Acórdão nº 01539/17.4BELRA 0818/18 de Supremo Tribunal Administrativo (Portugal), 17 de Janeiro de 2019

Magistrado ResponsávelTERESA DE SOUSA
Data da Resolução17 de Janeiro de 2019
EmissorSupremo Tribunal Administrativo (Portugal)

Acordam na Secção de Contencioso Administrativo do Supremo Tribunal Administrativo 1. Relatório B………. (B…), interpôs, para o TCA Sul, recurso da sentença do TAF de Leiria, que julgou improcedente a acção de contencioso pré-contratual, na qual se pedia a declaração de caducidade do acto de adjudicação e, consequentemente, a prática do acto de adjudicação a favor da autora.

Por acórdão datado de 10 de maio de 2018 foi decidido: - em conceder provimento ao recurso interposto, revogando a decisão recorrida; - em substituição, julga-se procedente a presente acção e condena-se a Entidade Adjudicante, ora demandada, a cumprir a formalidade da audiência prévia, tal como determinado no art.° 86.°, n.° 2 e 4, do CCP, devendo, após o cumprimento dessa formalidade, decidir pela preterição do prazo para a entrega pelo Adjudicatário dos documentos de habilitação e, nos termos do art.° 86.°, n.°s 1, aI. b) e 4, considerar caducada a (primitiva) adjudicação, passando a adjudicar à proposta ordenada em lugar subsequente, a saber, à proposta da A. e ora Recorrente; - custas em 1.ª instância pelos Recorridos, na proporção do decaimento, que se fixa de 2/3 para o Centro Hospitalar de Leiria, EPE e 1/3 para a A….. e custas em 2.ª instância, em partes iguais, para os Recorridos (cf. art.°s. 527.° n.°s 1 e 2 do CPC, 7.°, n.°s. 1, 2 e 12.°, n.° 2, tabelas I e II do RCP e 189.°, n.° 2 do CPTA).

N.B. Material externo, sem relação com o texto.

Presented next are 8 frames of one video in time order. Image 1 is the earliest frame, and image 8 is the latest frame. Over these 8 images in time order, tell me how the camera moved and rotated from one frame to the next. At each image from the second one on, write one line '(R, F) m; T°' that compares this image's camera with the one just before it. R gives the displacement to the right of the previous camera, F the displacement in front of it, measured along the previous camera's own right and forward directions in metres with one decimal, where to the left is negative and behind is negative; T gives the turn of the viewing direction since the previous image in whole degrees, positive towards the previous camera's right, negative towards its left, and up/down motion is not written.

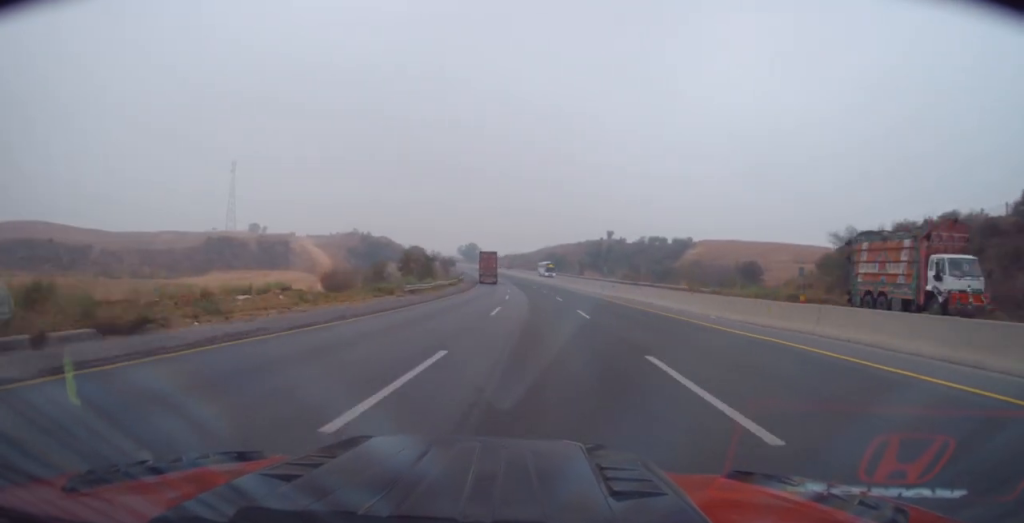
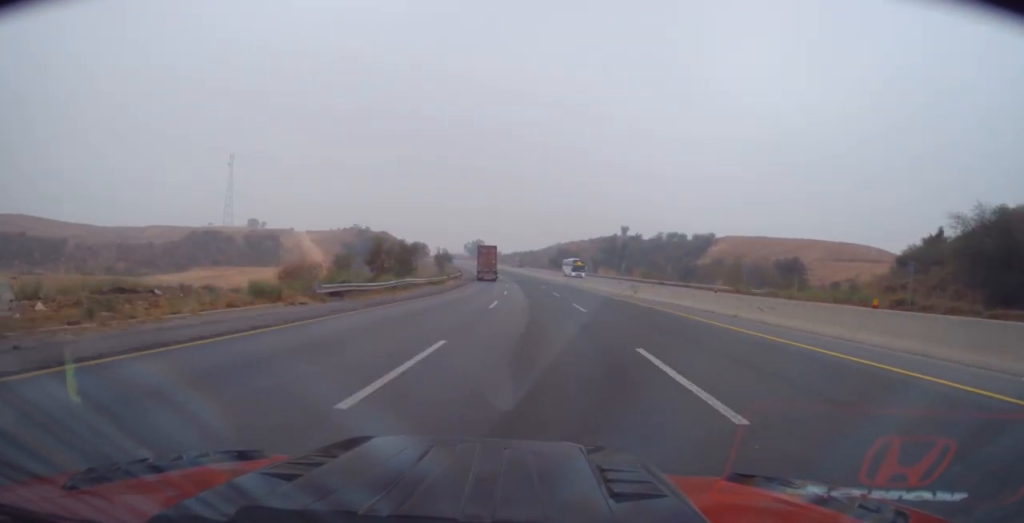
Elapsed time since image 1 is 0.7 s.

Centro Hospitalar de Leiria, EPE vem recorrer deste acórdão para a Secção do Contencioso Administrativo deste Supremo Tribunal apresentando, para o efeito, alegações onde formulou as seguintes conclusões: 1ª- Dando por reproduzida a matéria de facto assente, salientam-se como questões que convocam a reapreciação do Direito que lhes é aplicável, em resumo as seguintes: d) O CHL iniciou em Maio de 2017 um procedimento pré-contratual de concurso público com vista á escolha de co-contratante para celebração de um contrato de prestação de serviços médicos de realização de exames de ressonância magnética; e) Nesse procedimento, por aplicação do critério de adjudicação adotado, o do melhor preço, foi em 14-Set.-2017 praticado ato de adjudicação à concorrente e aqui contra-interessada A……, tendo a proposta da A. sido ordenada em segundo lugar; f) Os concorrentes foram notificados desse ato por mensagem enviada em 18-Set.-2017, nos exatos termos da comunicação transcrita no ponto 8 da matéria de facto; g) A referida comunicação contém uma listagem dos documentos de habilitação a juntar, intitulada de “Documentos Obrigatórios”, a qual inclui todos os previstos no ponto 25.1 do Programa do Concurso, à exceção da declaração prevista no seu ponto 25.1.3; h) No dia 29-Set.-2017 a adjudicatária apresentou os documentos identificados na referida listagem; 1) Em 04-Out.-2017, o CHL remeteu à adjudicatária uma mensagem com o seguinte teor: “Exmos. Senhores, Após análise aos documentos apresentados e de acordo com o Programa de Concurso, verifica-se que estão em falta os seguintes: 25.2. Informação quanto aos titulares dos órgãos sociais da empresa, designadamente no que respeita à relação ou à participação de ex- colaboradores da entidade contratante, bem como do respetivo cônjuge, algum parente ou afim em linha reta ou até 2º grau da linha colateral, ou de qualquer pessoa com quem viva em economia comum; Nesses termos, solicita-se que providenciem a remessa do documento em falta no prazo determinado.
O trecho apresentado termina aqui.